Quels sont vos grands défis ?
A. A. : Je dirais qu’il s’agit de s’adapter en permanence en n’hésitant pas à renverser la table, et apporter du service, celui dont la chaîne a besoin (de la distribution à la réparation). Nous l’avons fait avec la disparition de certaines lignes de produits, le carburateur par exemple. Il faut être en mesure de bouleverser ses portefeuilles produits en collant aux besoins du parc.
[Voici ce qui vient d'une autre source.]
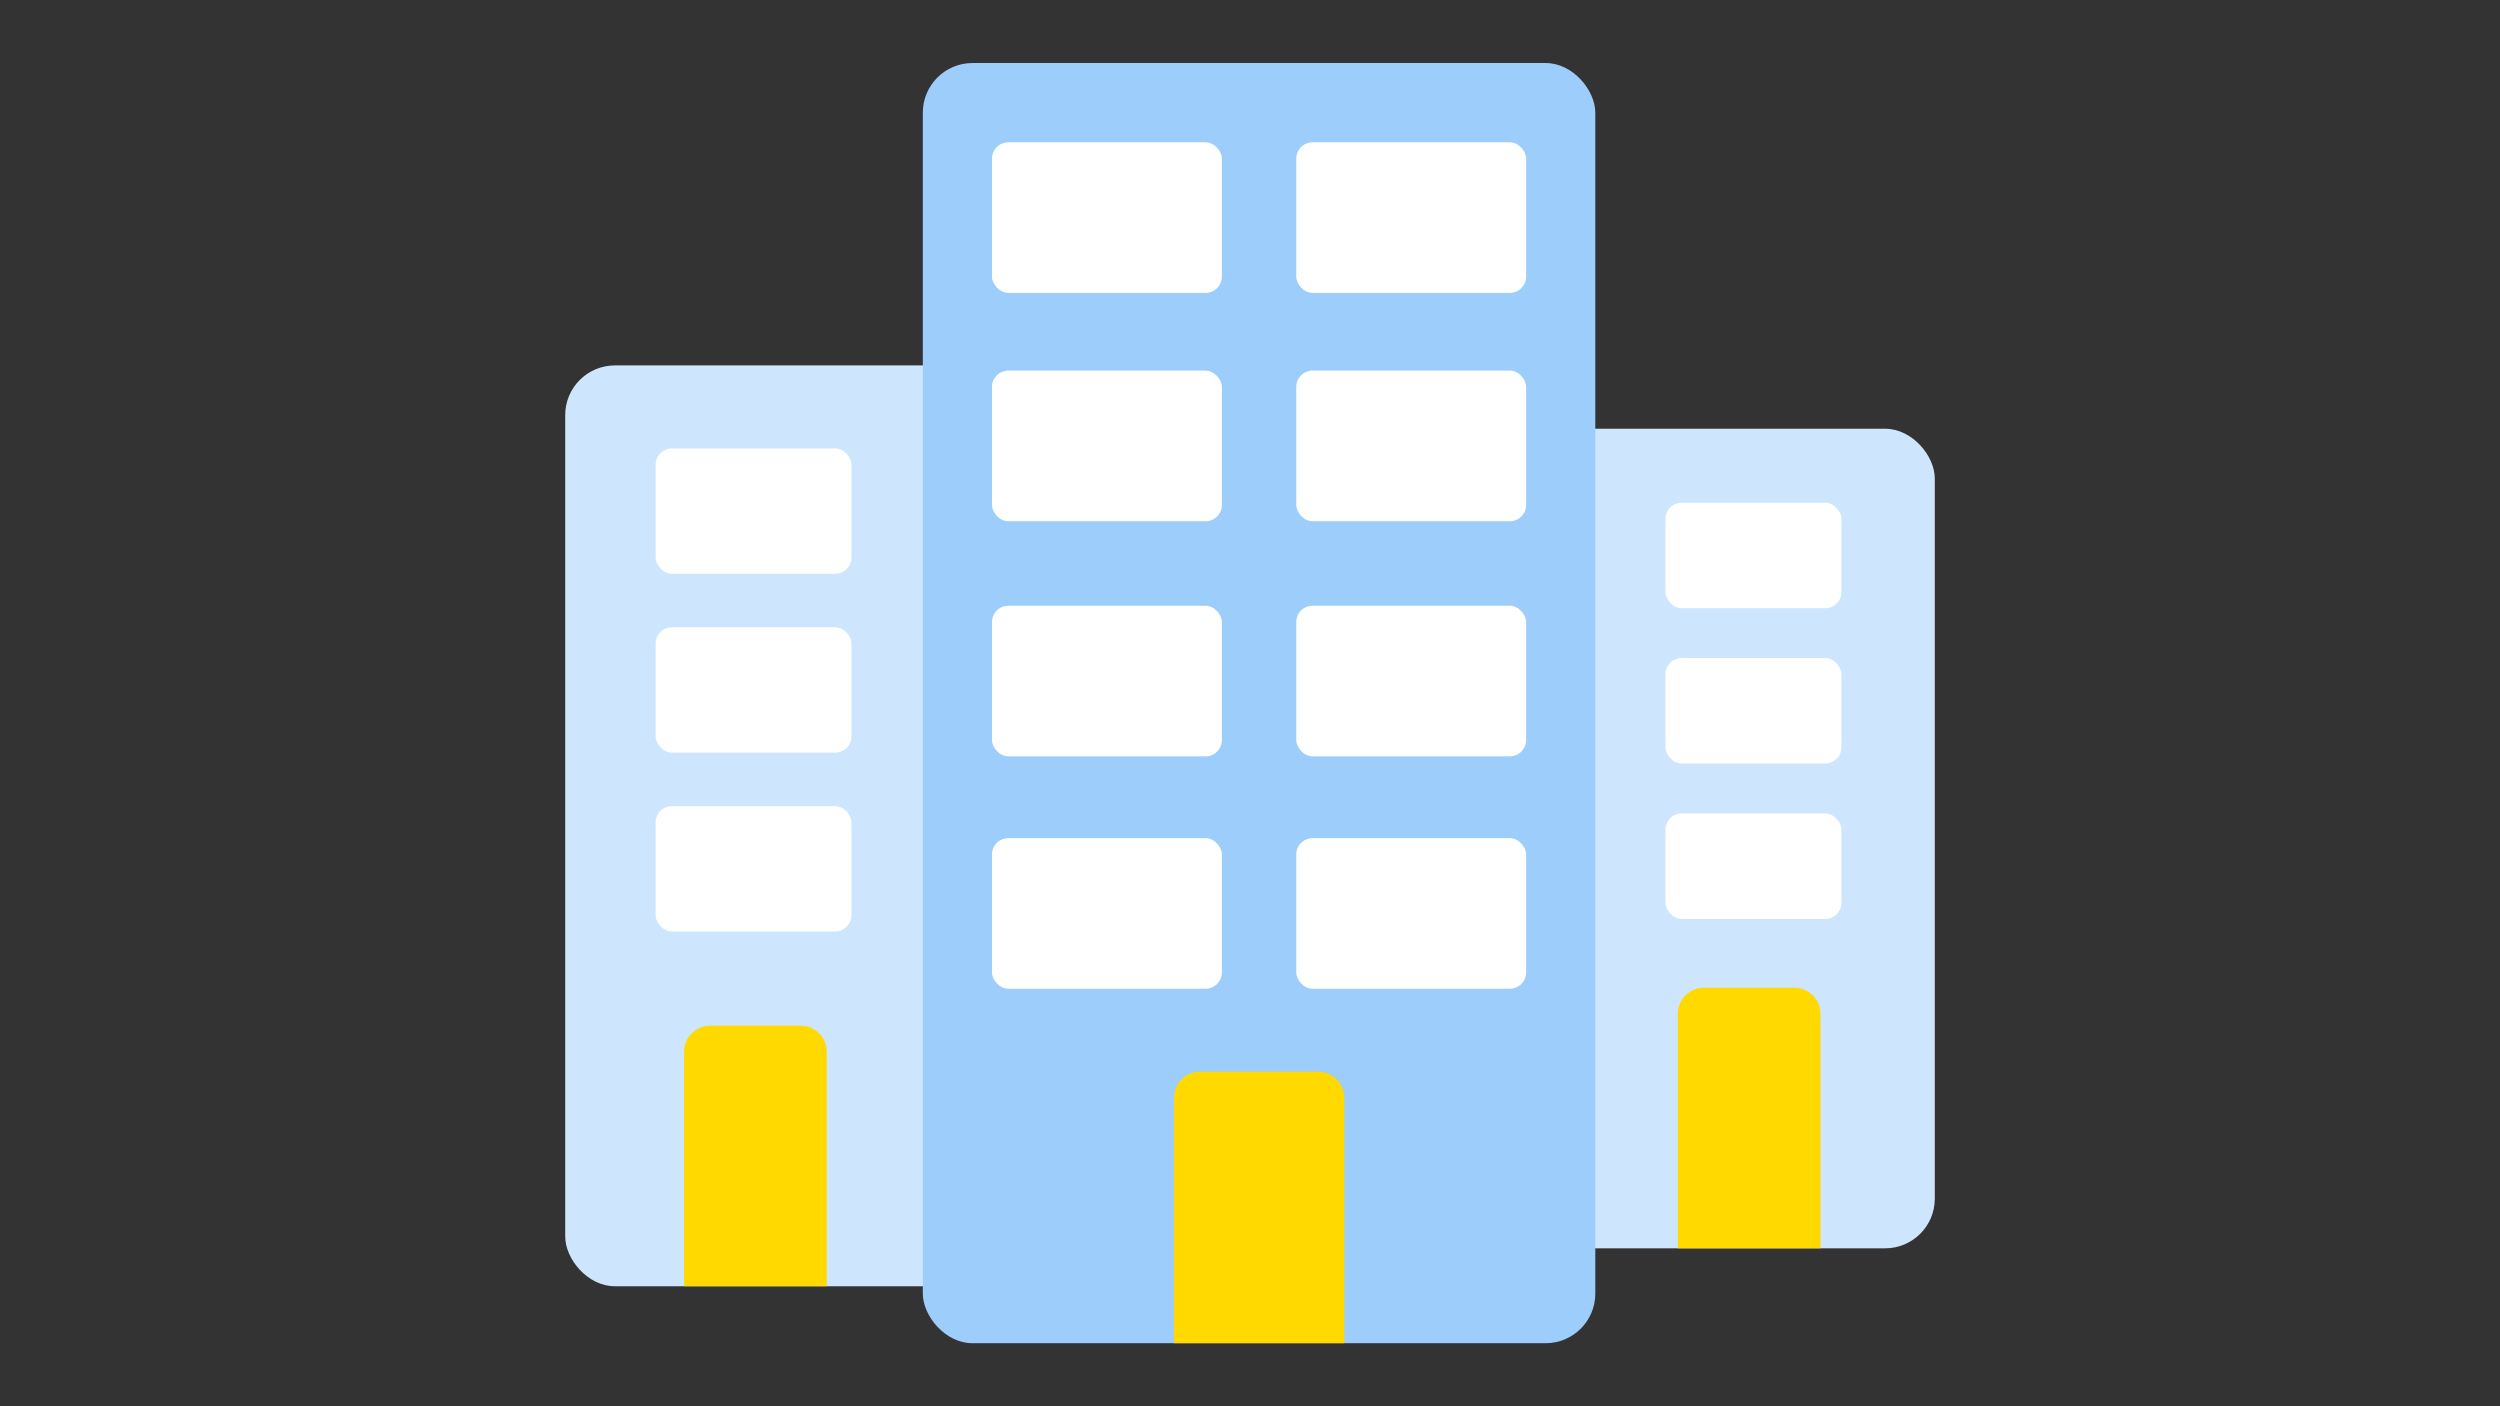 <?xml version="1.0" encoding="UTF-8"?>
<svg id="Layer_1" data-name="Layer 1" xmlns="http://www.w3.org/2000/svg" viewBox="0 0 240 135">
  <rect x="0" y="0" width="240" height="135" fill="#333333" stroke="none"/>
  <defs>
    <style>
      .cls-1 {
        fill: #cde6fd;
      }

      .cls-1, .cls-2, .cls-3, .cls-4 {
        stroke-width: 0px;
      }

      .cls-2 {
        fill: #9ccdfb;
      }

      .cls-3 {
        fill: #fff;
      }

      .cls-4 {
        fill: #ffd900;
      }
    </style>
  </defs>
  <rect class="cls-1" x="54.26" y="35.08" width="50.57" height="88.4" rx="4.77" ry="4.77"/>
  <rect class="cls-1" x="140.73" y="41.16" width="45.01" height="78.68" rx="4.77" ry="4.77"/>
  <rect class="cls-2" x="88.59" y="6.05" width="64.56" height="122.9" rx="4.77" ry="4.77"/>
  <path class="cls-4" d="m115.2,102.88h11.34c1.38,0,2.51,1.12,2.51,2.51v23.56h-16.35v-23.56c0-1.38,1.12-2.51,2.51-2.51Z"/>
  <path class="cls-4" d="m68.18,98.46h8.68c1.38,0,2.51,1.12,2.51,2.51v22.51h-13.7v-22.51c0-1.38,1.12-2.51,2.51-2.51Z"/>
  <path class="cls-4" d="m163.58,94.82h8.68c1.38,0,2.51,1.12,2.51,2.51v22.51h-13.7v-22.51c0-1.38,1.12-2.51,2.51-2.51Z"/>
  <rect class="cls-3" x="62.94" y="77.39" width="18.8" height="12.03" rx="1.57" ry="1.57"/>
  <rect class="cls-3" x="62.94" y="60.22" width="18.8" height="12.03" rx="1.57" ry="1.57"/>
  <rect class="cls-3" x="62.94" y="43.05" width="18.8" height="12.03" rx="1.57" ry="1.57"/>
  <rect class="cls-3" x="159.88" y="78.09" width="16.9" height="10.13" rx="1.57" ry="1.57"/>
  <rect class="cls-3" x="159.88" y="63.17" width="16.9" height="10.13" rx="1.57" ry="1.57"/>
  <rect class="cls-3" x="159.88" y="48.26" width="16.9" height="10.13" rx="1.57" ry="1.57"/>
  <rect class="cls-3" x="124.44" y="80.46" width="22.07" height="14.46" rx="1.57" ry="1.57"/>
  <rect class="cls-3" x="124.44" y="58.15" width="22.07" height="14.46" rx="1.57" ry="1.57"/>
  <rect class="cls-3" x="124.44" y="35.58" width="22.07" height="14.46" rx="1.57" ry="1.57"/>
  <rect class="cls-3" x="124.44" y="13.66" width="22.07" height="14.46" rx="1.57" ry="1.57"/>
  <rect class="cls-3" x="95.23" y="80.46" width="22.07" height="14.46" rx="1.57" ry="1.57"/>
  <rect class="cls-3" x="95.23" y="58.15" width="22.07" height="14.46" rx="1.57" ry="1.57"/>
  <rect class="cls-3" x="95.23" y="35.58" width="22.07" height="14.46" rx="1.57" ry="1.57"/>
  <rect class="cls-3" x="95.23" y="13.66" width="22.07" height="14.46" rx="1.57" ry="1.57"/>
</svg>

Il faut également et absolument se concentrer sur le niveau logistique que nous sommes capables d’apporter vers la supply chain et les services vers les ateliers (équipements, formations…).
La digitalisation est un grand défi que nous abordons au niveau mondial avec notre projet 5.0 Digital Wave. Il s’agit de digitaliser les relations de toutes les parties prenantes : relation client (CRM), chaîne d’approvisionnement (Extended Supply Chain), tarification (Pricing) et enfin gestion de la garantie des produits et des réclamations de livraison (Warranty and Claims). Ce projet change l’état d’esprit de Magneti Marelli Parts & Services : la technologie, associée à la simplification des processus, crée de la valeur pour toute notre chaîne.
Le troisième point est le recrutement dans les ateliers. C’est crucial pour la croissance de notre secteur. Nous investissons pour cela dans des formations dédiées, des instituts techniques, ou encore des écoles, spécialisées, mais il reste très difficile de recruter et de motiver la nouvelle génération.
Quelle est votre vision à cinq ans ?
A. A. : Je dirais que nous survivrons tous, dans un univers où les véhicules ne cessent de rouler et de croître, dans un horizon encore plus large que cinq ans. Mais encore une fois, j’insiste sur notre capacité à développer des produits dont le marché a besoin avec des offres différenciées en gammes, qualité et prix. Nous devons nous concentrer sur le bon niveau de services avec des offres abordables. Nous avons changé notre état d’esprit dans ce sens car le client a changé, et j’entends par là l’atelier et son client.